In das Programm BABSI 21 wurde nun auch die Planung des barrierefreien Ausbaus des Bahnhofs Pegnitz aufgenommen, was einen weiteren wichtigen Schritt bei der dringend notwendig Realisierung des barrierefreien Ausbaus darstellt. Damit ist sichergestellt, dass in diesem Zeitraum der Umbau geplant und bis zur Baureife gebracht wird.

Gudrun Brendel-Fischer MdL und Hartmut Koschyk MdB zeigten sich über die Nachricht aus München erfreut und danken dem Bayerischen Staatsminister des Innern, für Bau und Verkehr, Joachim Herrmann MdL, für seine Unterstützung zur Aufnahme des Bahnhofs Pegnitz in das Programm BABSI 21.

Die Abgeordneten wörtlich: „Die Finanzierung der Umbauplanungen zur Herstellung der Baureife ist ein wichtiger Schritt zur zeitnahen Sanierung des Bahnhofs Pegnitz mit dem Ziel, Barrierefreiheit herzustellen. Mit bis zu 4.500 Ein- und Ausstiegen pro Tag spielt der Pegnitzer Bahnhof eine wichtige Rolle für die gesamte Region und für die örtliche Schullandschaft, auch im Hinblick als neuer Standort für die Fachhochschule für Justiz.

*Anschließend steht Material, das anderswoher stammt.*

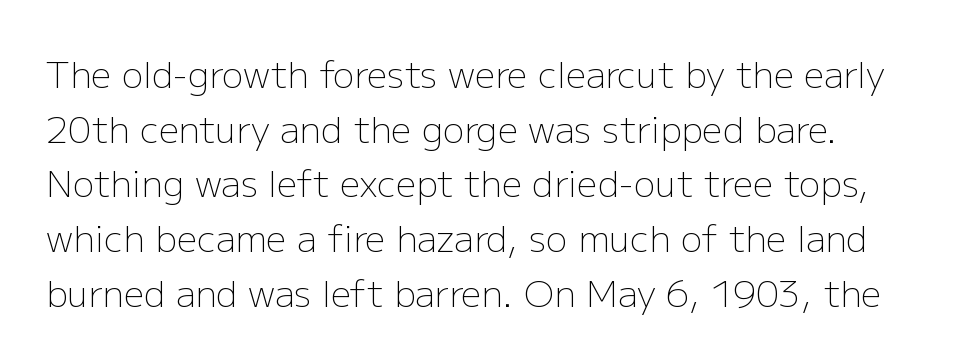
Q: Is the text bold? A: No.
Q: Is the text italic (slanted)? A: No, it is upright.
Q: Is the typeface a serif or a sans-serif typeface? A: Sans-serif.
Q: Is the text underlined? A: No.
Q: Is the spacing between letters normal or unusually wide? A: Normal.
Q: Is the spacing between lines tight, normal or loose? A: Normal.
Q: Width (condensed, normal, or wide)? A: Normal.
Q: Stroke contrast? A: Low.
Q: x-height? A: Medium.
Q: Monospaced? A: No.

Dies hat die bayerische Staatsregierung mit der Aufnahme des Bahnhofs Pegnitz in BABSI 21 nun dokumentiert. Mit dem Beginn der Planungen für den Umbau ist nun auch die Stadt Pegnitz gefordert, in den Beratungen und Vorplanungen ein städtebauliches Konzept für den Umgriff um den Bahnhof Pegnitz zu gestalten, damit der Umbau des Bahnhofs und die städtebaulichen Planungen einen Gewinn für die Stadt Pegnitz bringen.“

Die im Programm BABSI 21 enthaltenen Bahnhöfe – also auch der Bahnhof Pegnitz – haben im Freistaat höchste Priorität für einen barrierefreien Umbau. Auch wenn der Bund alleine dafür zuständig ist, übernimmt der Freistaat Bayern mit mehr als 75 Prozent den Hauptanteil der Finanzierung. Die restlichen finanziellen Mittel bringt die DB AG mit Bundesmitteln auf.